→ Assignment:
Once the data has been read, restate all of it exactly.

→ Supplied records:

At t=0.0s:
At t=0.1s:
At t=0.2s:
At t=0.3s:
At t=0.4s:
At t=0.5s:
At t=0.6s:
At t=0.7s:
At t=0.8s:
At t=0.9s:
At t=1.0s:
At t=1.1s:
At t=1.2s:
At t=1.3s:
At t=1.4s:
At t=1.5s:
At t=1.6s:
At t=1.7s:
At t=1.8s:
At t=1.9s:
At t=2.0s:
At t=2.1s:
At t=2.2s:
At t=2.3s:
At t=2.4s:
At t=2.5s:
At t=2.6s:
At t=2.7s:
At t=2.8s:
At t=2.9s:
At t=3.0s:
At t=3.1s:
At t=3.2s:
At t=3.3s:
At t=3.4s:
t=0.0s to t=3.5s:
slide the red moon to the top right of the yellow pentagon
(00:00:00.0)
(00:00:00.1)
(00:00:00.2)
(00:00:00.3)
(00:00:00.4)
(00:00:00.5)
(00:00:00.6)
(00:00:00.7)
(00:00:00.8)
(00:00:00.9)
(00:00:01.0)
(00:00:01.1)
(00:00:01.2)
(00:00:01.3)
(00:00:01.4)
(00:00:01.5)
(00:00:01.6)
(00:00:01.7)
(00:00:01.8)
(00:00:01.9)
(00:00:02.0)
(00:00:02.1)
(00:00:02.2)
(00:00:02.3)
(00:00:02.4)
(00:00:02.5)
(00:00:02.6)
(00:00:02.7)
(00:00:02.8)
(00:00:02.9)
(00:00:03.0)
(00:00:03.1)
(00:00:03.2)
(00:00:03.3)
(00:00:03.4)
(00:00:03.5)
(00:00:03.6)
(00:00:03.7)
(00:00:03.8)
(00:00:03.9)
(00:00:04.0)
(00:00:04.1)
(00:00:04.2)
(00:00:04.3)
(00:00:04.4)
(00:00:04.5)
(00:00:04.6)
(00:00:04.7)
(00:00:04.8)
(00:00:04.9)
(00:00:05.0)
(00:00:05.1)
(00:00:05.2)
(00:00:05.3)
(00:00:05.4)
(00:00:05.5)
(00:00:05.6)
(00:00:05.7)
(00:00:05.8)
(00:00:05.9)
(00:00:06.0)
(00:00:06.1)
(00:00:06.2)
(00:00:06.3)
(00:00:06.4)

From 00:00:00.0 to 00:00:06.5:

→ Written answer:
At t=0.0s:
At t=0.1s:
At t=0.2s:
At t=0.3s:
At t=0.4s:
At t=0.5s:
At t=0.6s:
At t=0.7s:
At t=0.8s:
At t=0.9s:
At t=1.0s:
At t=1.1s:
At t=1.2s:
At t=1.3s:
At t=1.4s:
At t=1.5s:
At t=1.6s:
At t=1.7s:
At t=1.8s:
At t=1.9s:
At t=2.0s:
At t=2.1s:
At t=2.2s:
At t=2.3s:
At t=2.4s:
At t=2.5s:
At t=2.6s:
At t=2.7s:
At t=2.8s:
At t=2.9s:
At t=3.0s:
At t=3.1s:
At t=3.2s:
At t=3.3s:
At t=3.4s:
t=0.0s to t=3.5s:
slide the red moon to the top right of the yellow pentagon
(00:00:00.0)
(00:00:00.1)
(00:00:00.2)
(00:00:00.3)
(00:00:00.4)
(00:00:00.5)
(00:00:00.6)
(00:00:00.7)
(00:00:00.8)
(00:00:00.9)
(00:00:01.0)
(00:00:01.1)
(00:00:01.2)
(00:00:01.3)
(00:00:01.4)
(00:00:01.5)
(00:00:01.6)
(00:00:01.7)
(00:00:01.8)
(00:00:01.9)
(00:00:02.0)
(00:00:02.1)
(00:00:02.2)
(00:00:02.3)
(00:00:02.4)
(00:00:02.5)
(00:00:02.6)
(00:00:02.7)
(00:00:02.8)
(00:00:02.9)
(00:00:03.0)
(00:00:03.1)
(00:00:03.2)
(00:00:03.3)
(00:00:03.4)
(00:00:03.5)
(00:00:03.6)
(00:00:03.7)
(00:00:03.8)
(00:00:03.9)
(00:00:04.0)
(00:00:04.1)
(00:00:04.2)
(00:00:04.3)
(00:00:04.4)
(00:00:04.5)
(00:00:04.6)
(00:00:04.7)
(00:00:04.8)
(00:00:04.9)
(00:00:05.0)
(00:00:05.1)
(00:00:05.2)
(00:00:05.3)
(00:00:05.4)
(00:00:05.5)
(00:00:05.6)
(00:00:05.7)
(00:00:05.8)
(00:00:05.9)
(00:00:06.0)
(00:00:06.1)
(00:00:06.2)
(00:00:06.3)
(00:00:06.4)

From 00:00:00.0 to 00:00:06.5:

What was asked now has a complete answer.